Страсть - [16]

Шрифт
Интервал

На мысу, в таловом кусту, Никин скрадок. Он только подновил его.

Подмял осоку, хохлясь, как гусыня на яйцах. Налетевшая пара кряковых, заметив охотника, взмыла столбом. Ружье в руках, но курки не подняты. Выстрелить, пока утки были над сушей, не удалось, отпустить дальше — будут вне выстрела. Ника, как он говорит, «лопнул», и селезень шлепнулся в полынью.

Первый селезень! Кто из нас не радовался, оглаживая дымчато-голубое его перо! И этот селезень качался на волнах, дробно перебирая красными лапами. Ветром относило его к середине полыньи, на быстрину: «Унесет!» Ника сбросил треух, полушубок, сапоги. Расстегнул пуговицы у штанов…

Нет, не буду рассказывать вам, друзья мои, как Ника доставал селезня из полыньи четвертого апреля.

Сидеть в скрадке он уже больше не мог: зубы выбивали дробь. Схватился — побежал искать остожье для ночлега. Пробираясь с острова на материк, не узнал лугов: снег раскиселился, воды прибавилось — канавы были полным-полны. И снова припустил дождь. Ника выбрался на гривку и устроился в прелых одонках скирды. От раскисшего полушубка и разогревшегося тела валил пар. Ника уснул накрепко. Вскочил от ледяного ожога:

«Батюшки! Вода!..»

Ночь. Шум и треск ломающегося на реке льда, а к этому ливень и первый весенний гром: не ночь — кара господня!

Ахнуло-трахнуло, и словно надвое развалилась черная кровля небосвода.

Развалилась, а сквозь провал, вдоль этой расщелины, змеей белое пламя. Волосы на голове у Ники поднялись шубой.

Как схватил ружье, селезня, как пробежал первый лужок, поминутно оступаясь в залитые водой ямы, — помнит плохо. Врезалась в память только безбрежная ширь полых вод, занесенные с Ульбы льдины, удары грома, просверки молний да высокие торосы опасного затора, повернувшего всю силу реки в луга.

Споткнувшись о залитый по маковку куст волчевника, упал, ободрал лицо и руки. Волны подхватили его.

— Караул!.. Тону!.. — Но уцепился за ветку и встал.

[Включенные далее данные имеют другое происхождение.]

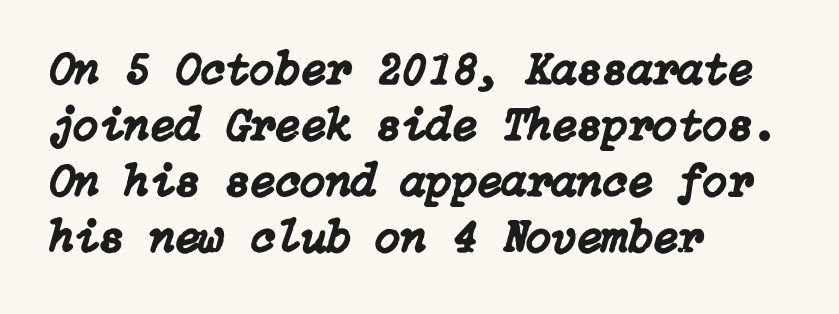
{"italic": "yes", "lean": "right", "slant_degrees": 15, "width": "normal", "stroke_contrast": "low", "x_height": "medium", "underline": "no", "align": "left", "line_spacing_ratio": 1.22, "letter_spacing": "normal", "letter_spacing_em": 0.0, "glyph_px": 46}
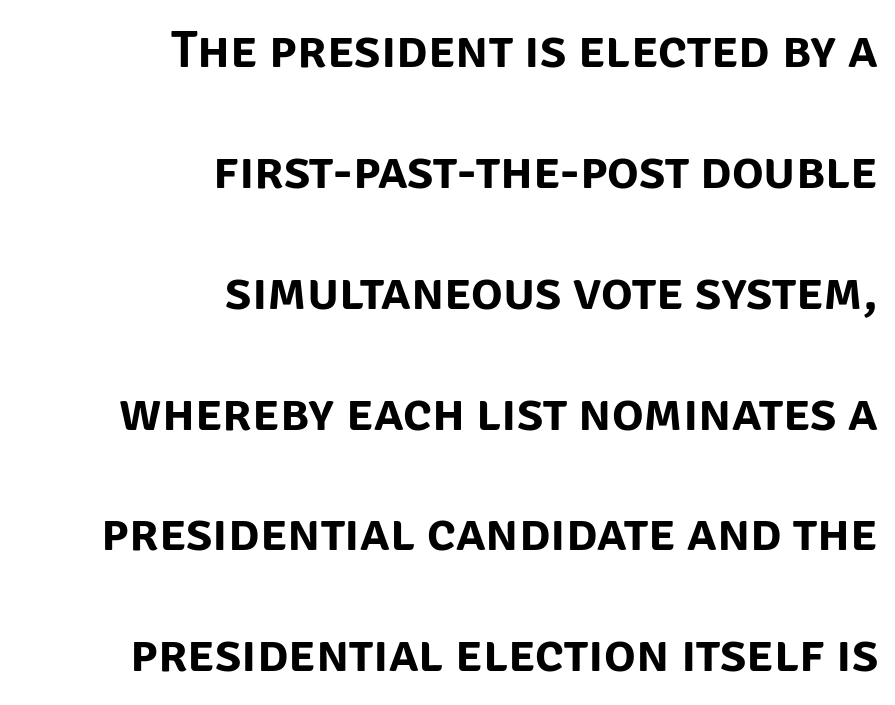
The image shows 53 px sans-serif type, upright; set right-aligned, loose line spacing (2.28x), normal letter spacing, not underlined; low stroke contrast and a large x-height.
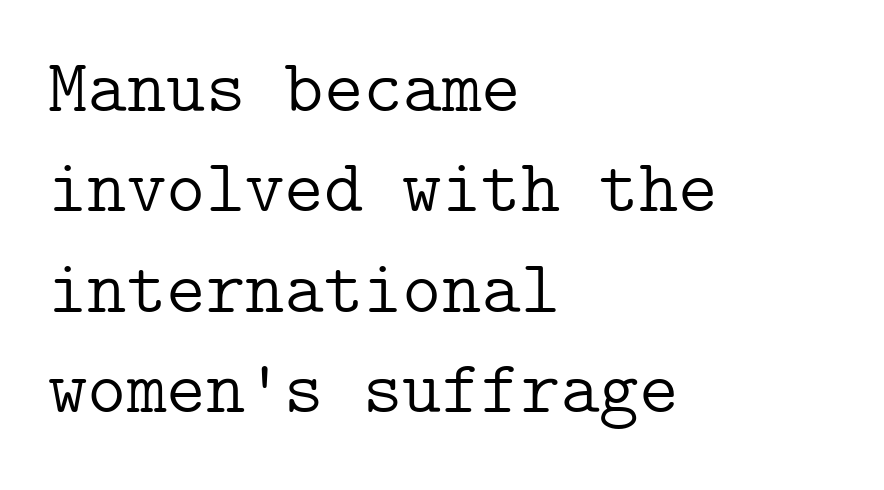
The image shows 75 px light serif type, upright; set left-aligned, normal line spacing (1.34x), normal letter spacing, not underlined; low stroke contrast and a medium x-height.
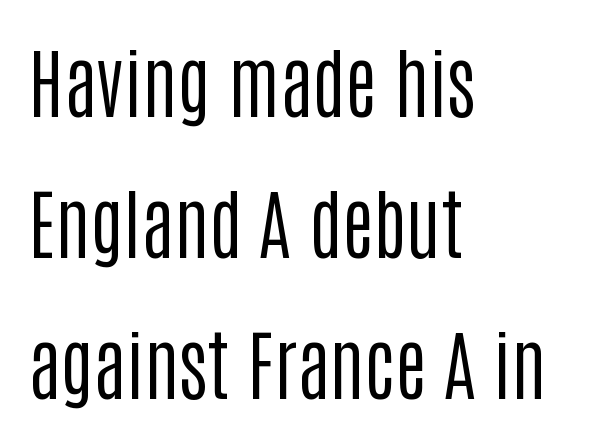
The image shows 77 px regular-weight, condensed sans-serif type, upright; set left-aligned, line spacing 1.83x, normal letter spacing, not underlined; low stroke contrast and a large x-height.
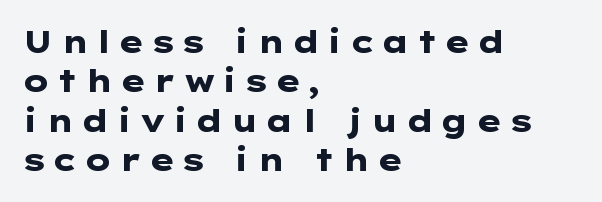
Q: Is the text bold? A: Yes.
Q: Is the text italic (slanted)? A: No, it is upright.
Q: Is the typeface a serif or a sans-serif typeface? A: Sans-serif.
Q: Is the text underlined? A: No.
Q: How is the paragraph aligned? A: Left-aligned.
Q: Is the spacing between lines tight, normal or loose? A: Normal.
Q: Width (condensed, normal, or wide)? A: Wide.
Q: Stroke contrast? A: Low.
Q: x-height? A: Medium.
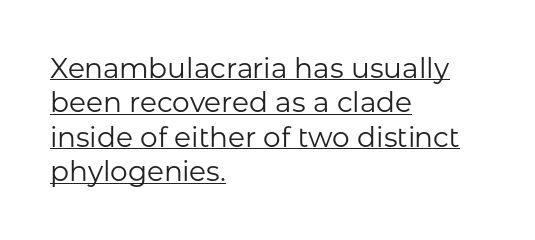
{"serif": "no", "italic": "no", "bold": "no", "weight": "regular", "width": "normal", "stroke_contrast": "low", "x_height": "medium", "monospaced": "no", "underline": "yes", "align": "left", "line_spacing_ratio": 1.23, "letter_spacing": "normal", "letter_spacing_em": 0.0, "glyph_px": 28}
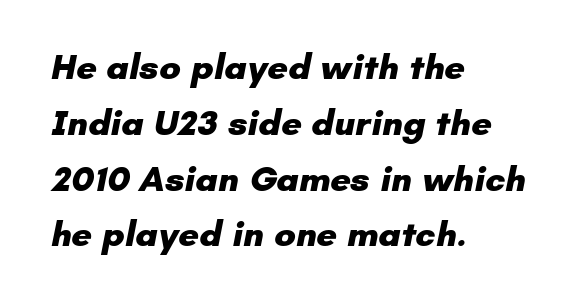
{"serif": "no", "bold": "yes", "weight": "heavy", "width": "normal", "stroke_contrast": "low", "x_height": "small", "monospaced": "no", "underline": "no", "align": "left", "line_spacing": "normal", "line_spacing_ratio": 1.55, "letter_spacing": "normal", "letter_spacing_em": 0.0, "glyph_px": 36}
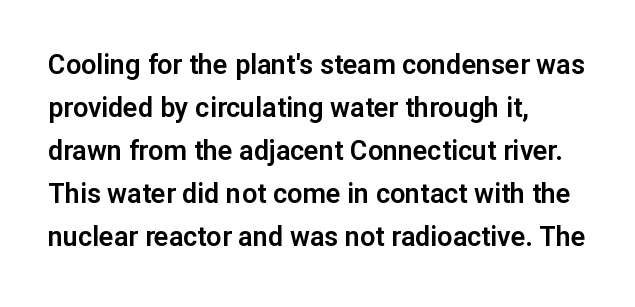
The image shows 27 px text type, upright; set left-aligned, normal line spacing (1.59x), normal letter spacing, not underlined.
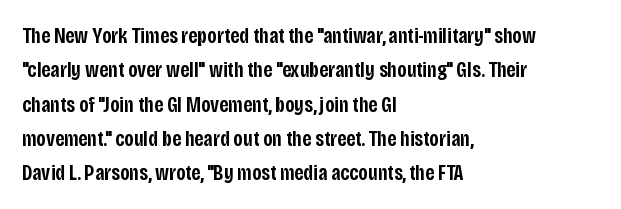
The lines in this sample share a left origin and differ only in where they stop. Firm but not heavy-handed strokes: this text is semibold. A typesetter would call this leading conventional body-copy spacing. Decoration check: the copy has no underline. There is no visible air inserted between adjacent glyphs. Ordinary non-slanted type is in use.
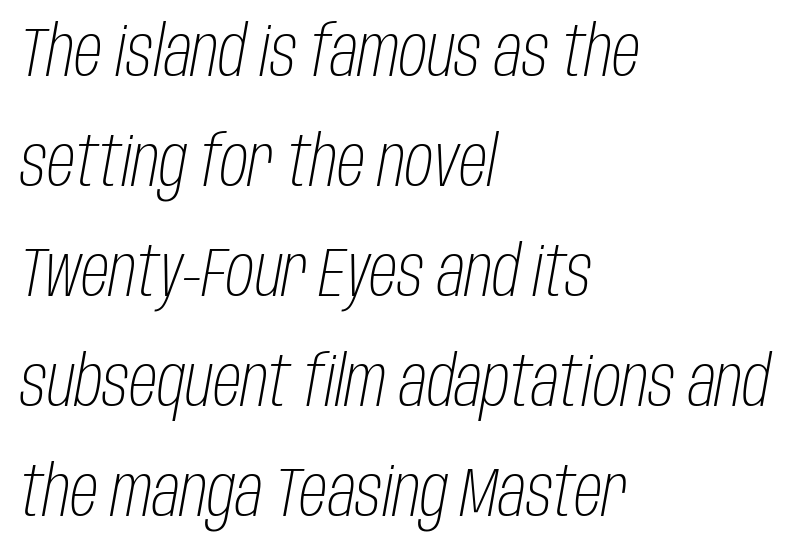
The face used here is proportionally spaced, like ordinary book or web type. Look at the tracking — it's just the regular setting, nothing added. These lines stack with their left ends in a neat column. How would I describe the line gaps? Plain and ordinary.
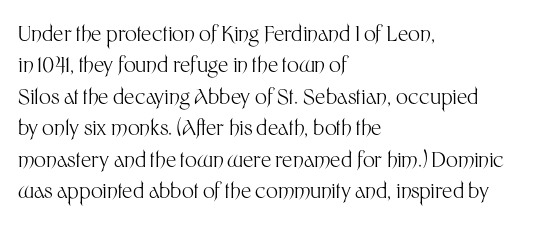
The image shows 21 px text type, upright; set left-aligned, normal line spacing (1.5x), normal letter spacing, not underlined.
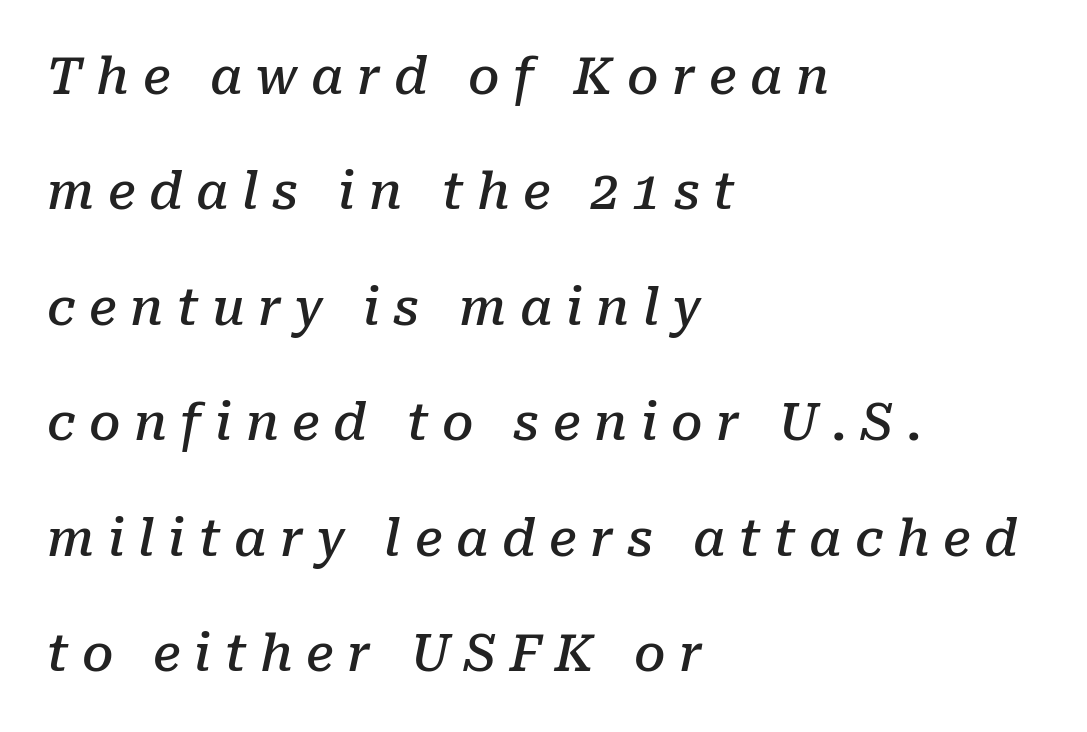
Q: Is the text bold? A: Semi-bold.
Q: Is the text italic (slanted)? A: Yes, it leans right by about 10 degrees.
Q: Is the typeface a serif or a sans-serif typeface? A: Serif.
Q: Is the text underlined? A: No.
Q: How is the paragraph aligned? A: Left-aligned.
Q: Is the spacing between letters normal or unusually wide? A: Unusually wide.
Q: Is the spacing between lines tight, normal or loose? A: Loose.
Q: Width (condensed, normal, or wide)? A: Normal.
Q: Stroke contrast? A: Low.
Q: x-height? A: Medium.
Q: Monospaced? A: No.

«На Мамину гриву, она выше, там деревья!» — Ника сорвал с плеч двустволку и, опираясь на нее, как на костыль, побрел: мельче, мельче. Когда почувствовал, что грива рядом, — не выдержал и заплакал.

Обрываясь, расцарапав подбородок и руки, залез на осину. Как уселся на сук и привязался ремнем к стволу — не помнит.

— На рассвете ветер переменился, полетел снег. С Миронычем, — Гордей Гордеич указал на хозяина сторожки Дягилева, — обнаружили мы Нику утром: поплыли спасать затопленных на островах зайцев. Был Ника синий, как баклажан. Мы с трудом сняли его с дерева.

Сегодня у нас четырнадцатое. Вчера, перед выходом на охоту, я зашел навестить соседа. Ника уже не упрашивал Ефросинью Федотовну положить его на горячую печку и накрыть потеплее. Не стонал, как он стонал позавчера, рассказывая о своей беде. С ввалившимися глазами, худущий — в чем душа — выполз он на завалинку и смотрел в сторону Шиловских лугов.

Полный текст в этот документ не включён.